Monday, March 25, 2024

Fiddler on the Roof

I recently re-watched Fiddler on the Roof, the 1971 film rendering of the musical by the same name. It had been at least 20 years since I had seen it. A friend termed it very “philosophical.” How right he was. Countless people have watched it through the years, vindicating universal accolades.

The central character, Reb Tevye, battles with himself, his wife, his daughters, and God. In the end he all-but disowns one of his daughters. He is the human mix of ideal with reality, suffering with blessing, injustice with resolution, hard work draped with poverty. But I saw his frailty above all. He insists on being “the man” and then embarrasses his family. He ignores one daughter, shouts at another, then lambastes his wife.

This is a father straining to find footing in the midst of soul trauma. He watched his oldest daughters leave the home, each violating tradition more than the previous. The world he knows and loves is crumbling. Can we blame him if he cracks?
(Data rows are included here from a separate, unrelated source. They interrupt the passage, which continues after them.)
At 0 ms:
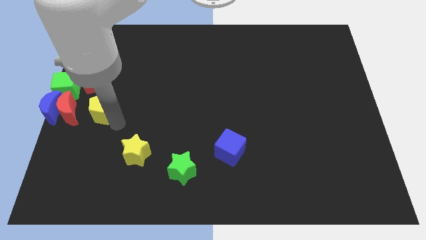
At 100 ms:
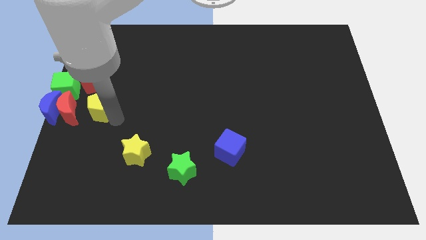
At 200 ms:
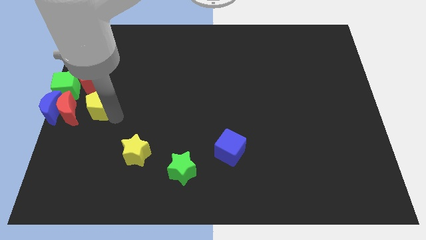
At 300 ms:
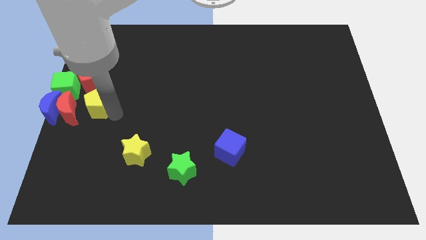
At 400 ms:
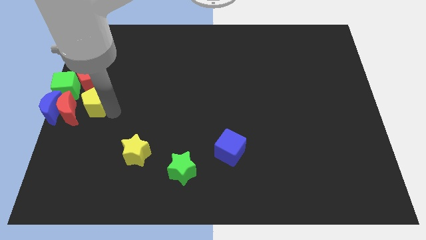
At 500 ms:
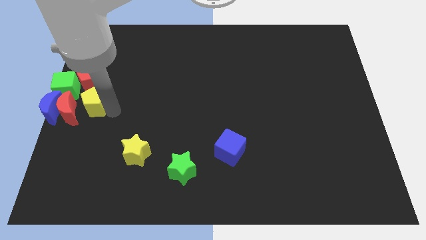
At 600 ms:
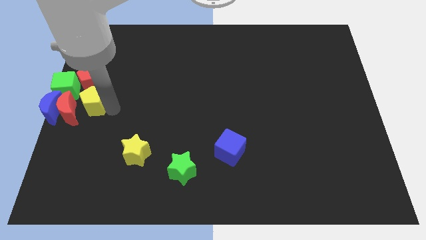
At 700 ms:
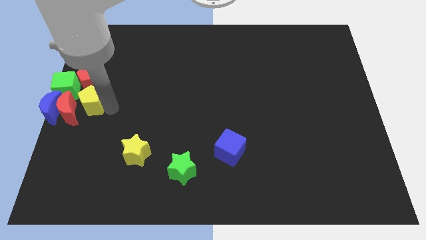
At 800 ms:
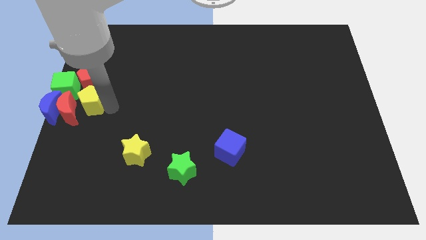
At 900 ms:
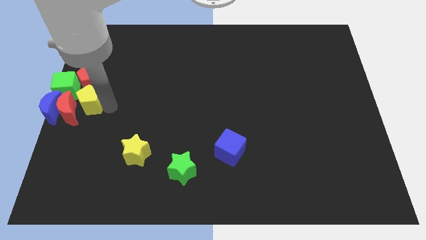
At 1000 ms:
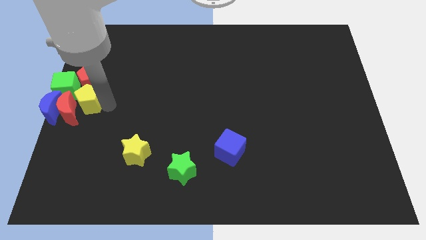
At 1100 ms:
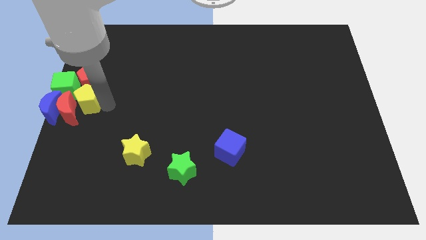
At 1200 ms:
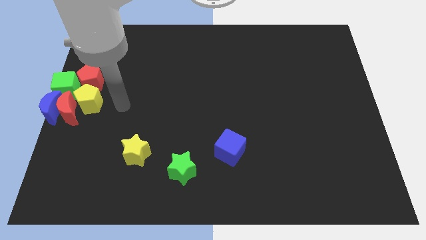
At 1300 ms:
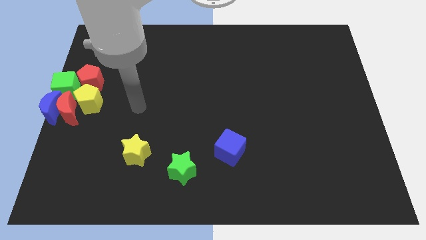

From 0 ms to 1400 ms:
slightly push the yellow pentagon into red pentagon

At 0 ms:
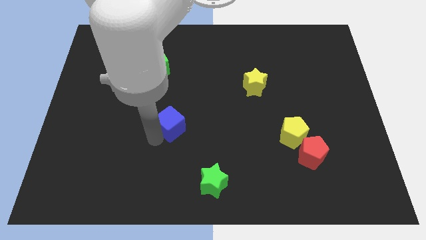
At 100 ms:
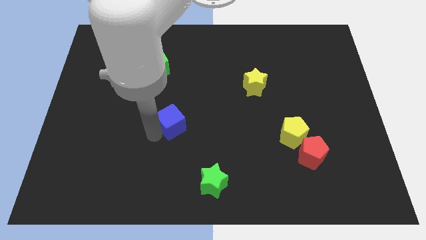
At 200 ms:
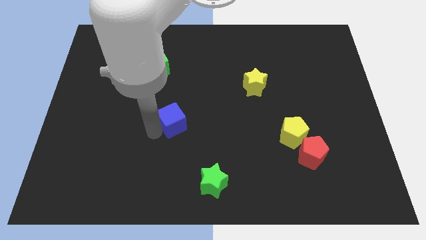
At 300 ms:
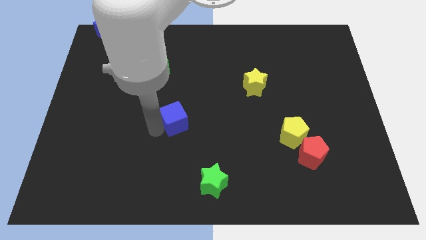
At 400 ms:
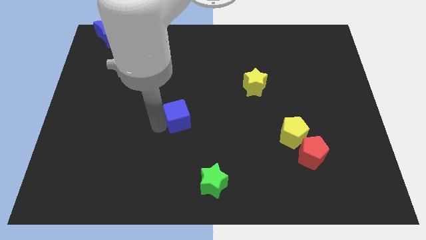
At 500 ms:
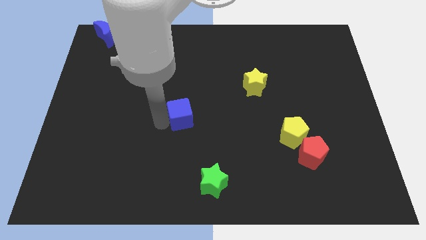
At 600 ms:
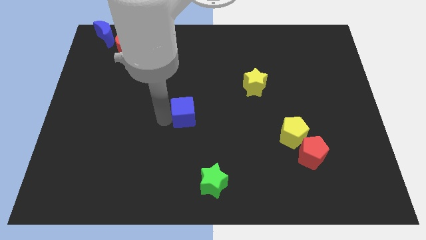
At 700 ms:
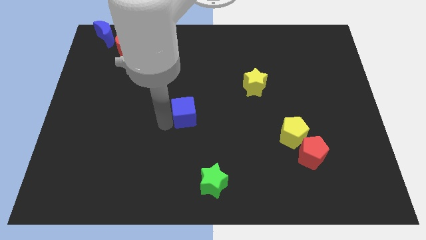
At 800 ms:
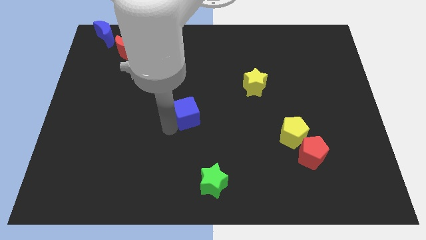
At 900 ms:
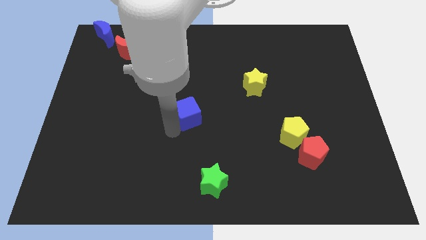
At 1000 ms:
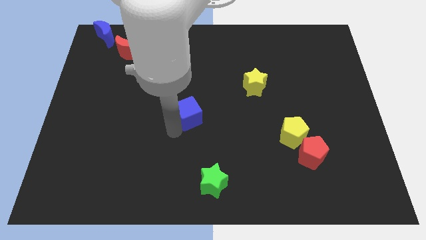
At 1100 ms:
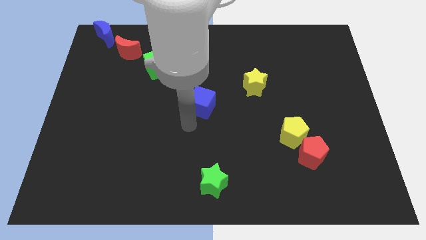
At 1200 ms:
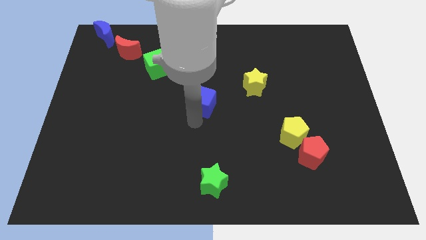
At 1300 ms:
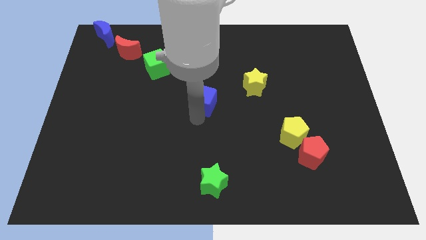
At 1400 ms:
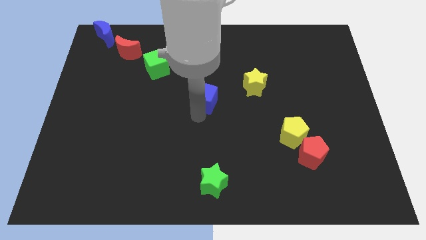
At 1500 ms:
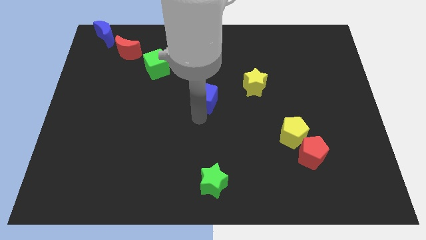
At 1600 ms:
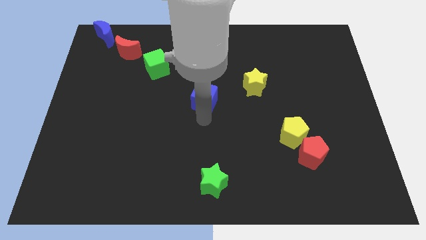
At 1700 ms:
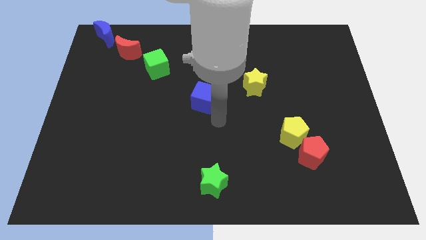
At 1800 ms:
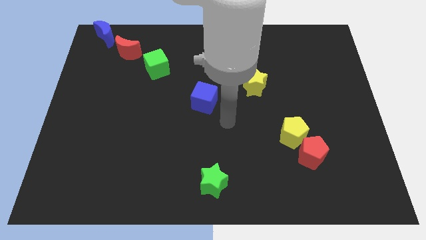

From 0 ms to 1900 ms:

As to the youngest, Chava, who married outside the faith, how should Reb Tevye respond? Should she be hurt at her father's response? What is her responsibility? What is mine? If I deny tradition I should bear the consequences graciously. I may disagree with the tradition and those who hold it. They may even be wrong to hold me at bay for straying. But the rules were known. If one defies the rules one should bear the opprobrium with maturity and dignity rather than scorn or faux shock.

What of Reb Tevye: should he reject his own daughter? I think not. God does not do this to us, so we can not do it to others. When a child lives wrong, rejection is out of line. As to the child, he or she bears the consequences. Unjust consequences compound grief. But crying foul for results known to be in the offing – that is a burden the 'violator' must bear. If you know the movie, you know Reb Tevye and his wife squared this circle with simple, familial love.

What are some other takeaways?

  • Celebrate in the midst of suffering, affirming the joy of life itself no matter what falls our lot. “To life!”

  • Accept change as inevitable but not inexorable or intrinsically right. Resistance may well be necessary, but has its cost. “Tradition!”

  • Affirm family as at the heart of reality, and rules about it, therefore, as fundamental. Matching must be done and we need a lot of help to do it right. “And affection!”

  • Confirm married love as a willful vow to stay together until death for the good of one another, children, and the world around. Affection matters as do many other things, but sheer commitment is primary. “Do I love him?”

  • Suffer with the idealistic ambitions that go with youth. History shows what came of the Bolshevik dreams. Life is grounded when we work quietly with our own hands, know this world will pass away, live at peace with our loved ones and all else we can help. “Why not stay here and be a teacher?”

In sum, the title tells the story: a man balancing on the roof while playing the violin. Life calls us to attempt, to be, to do; and calamity will come. In the midst of it all we play a violin -- more than any can master and we all fall short. What lets us make sense and keep our balance? Reb Tevye has the answer: Tradition!